私がベトナム駐在員となったワケ

実は私、ベトナムへやって来たのは駐在員としてでした。
本当に駐在員時代は苦労の連続でした。
日本で就職したのは、あるジャンルの製造業でした。海外にも幾つか拠点があり、現地で安く製造しては日本や諸外国で販売するというスタンスの会社です。
そこの会社は大学時代から憧れており、本命にしていた会社なので決まった時は周りに知らせまくったのは今では良い思い出です。
デザイナー志望だったのですが、入社して配属されたのは営業企画部でした。直接的にデザインに携わるわけではなかったものの、間接的にはデザインに携われるだけでなく新たに提案をすることだって出来たのでデザイン専門の仕事よりも私には向いているように感じ、日々やりがいを持って仕事をしていました。
就職してから3年で主任となり、次期課長候補と持て囃されていた5年目の夏に辞令が出ました。しかも課長ではなく部長への昇進でした。ただ、これには手放しで喜べない事実が隠されていました。
それは今迄の中国の工場だけではなく、新しくベトナムへ進出する工場で生産管理部の部長ということでした。
新規進出なので立ち上げメンバーということになりますが、現地法人の社長や工場長は中国進出の際に立ち上げたメンバーということで、あまり不安がないように感じました。
ベトナムだけでなく東南アジアへは、大学時代にバックパッカーとして何度か訪れたことがあり、もの凄くマンパワーを感じれる面白そうな国だと思っていました。

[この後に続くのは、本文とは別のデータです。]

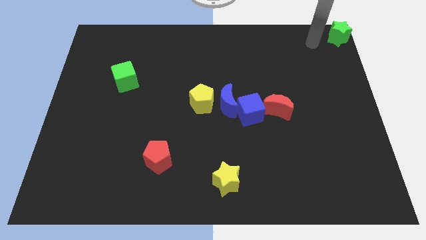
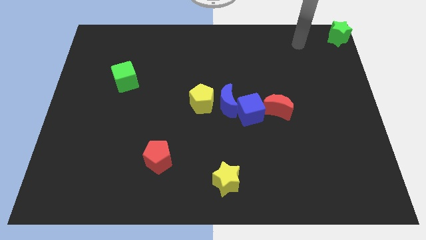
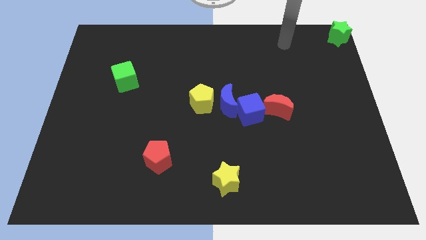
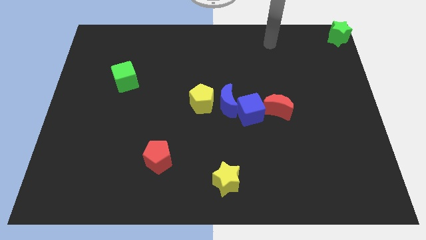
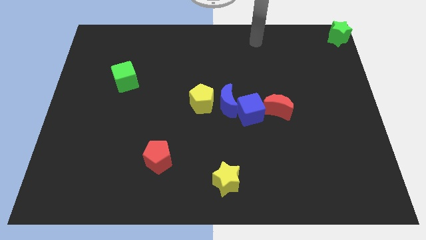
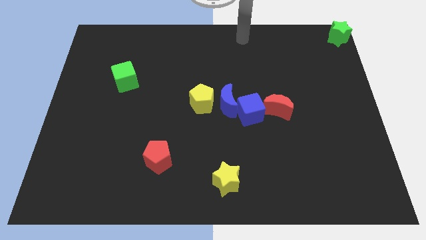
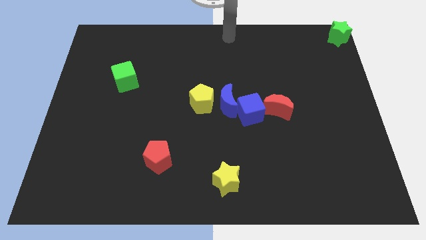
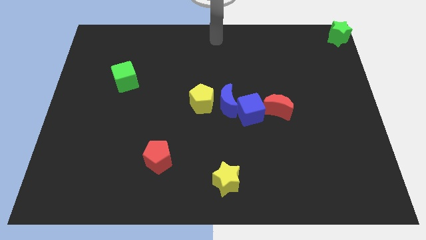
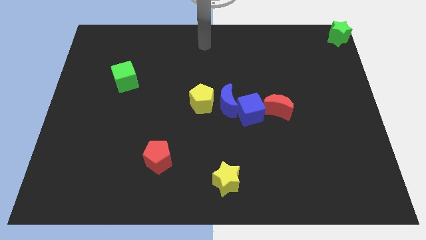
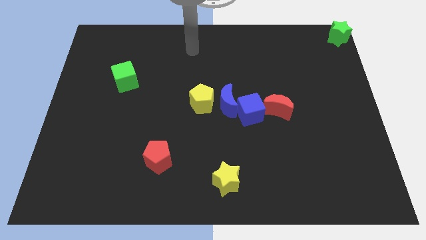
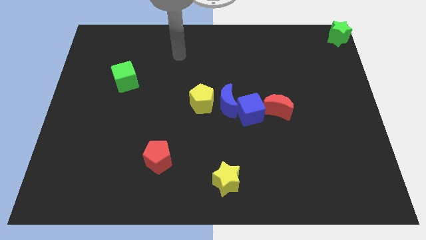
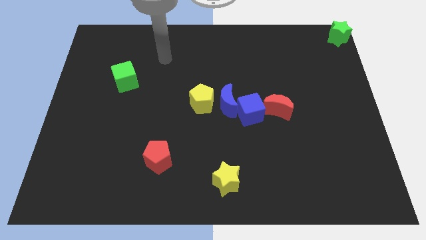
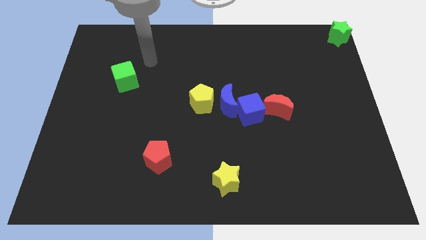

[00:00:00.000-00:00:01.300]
move your arm away from the green star
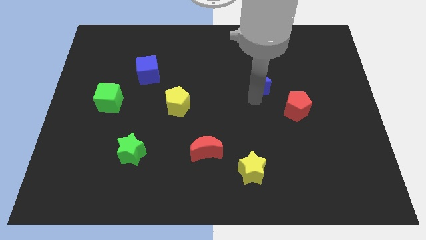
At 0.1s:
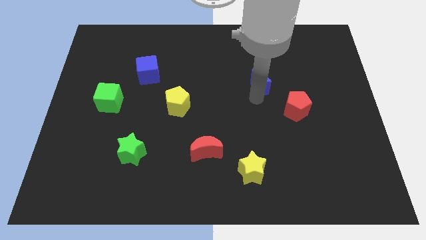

だから不安な要素はなく、面白そうな国だということで二つ返事でベトナム赴任を決めたわけではありません。
これらのことが後押しとはなりましたが、なんせ好きなデザインとはかけ離れた仕事になるのですから。
辞令が出てから2週間、考える時間を与えてくれました。
その間は上司から不安要素の払拭に努めたような説得、同僚から「出世コースに乗ってるね。」という嬉しい妬み、友人から「アンタ、東南アジアで働きたいと言ってたじゃん。」という言葉などを掛けられました。
期日の2週間が経ち、会議室へと行くと直属の上司だけでなく、ベトナム工場の工場長とベトナム現地法人の社長に加え、人事部長、専務、社長といった錚々たるメンバーが居ました。
『これ、断ったらどうなるんだろう?』という好奇心に負けそうになりましたが、予定通り「ベトナムへ行かせて下さい。」と伝えました。社長からは「デザインが好きと聞いているよ。デザイン系の部署がないけど、企画や提案によってはいつでも動けるようにしているから提案して下さいね。」と言われました。
ベトナム法人の立ち上げと工場の開所式は11月上旬でしたが、担当しているプロジェクトが12月上旬までの予定だったので、ベトナムへ行くのは余裕を見て2月2日となりました。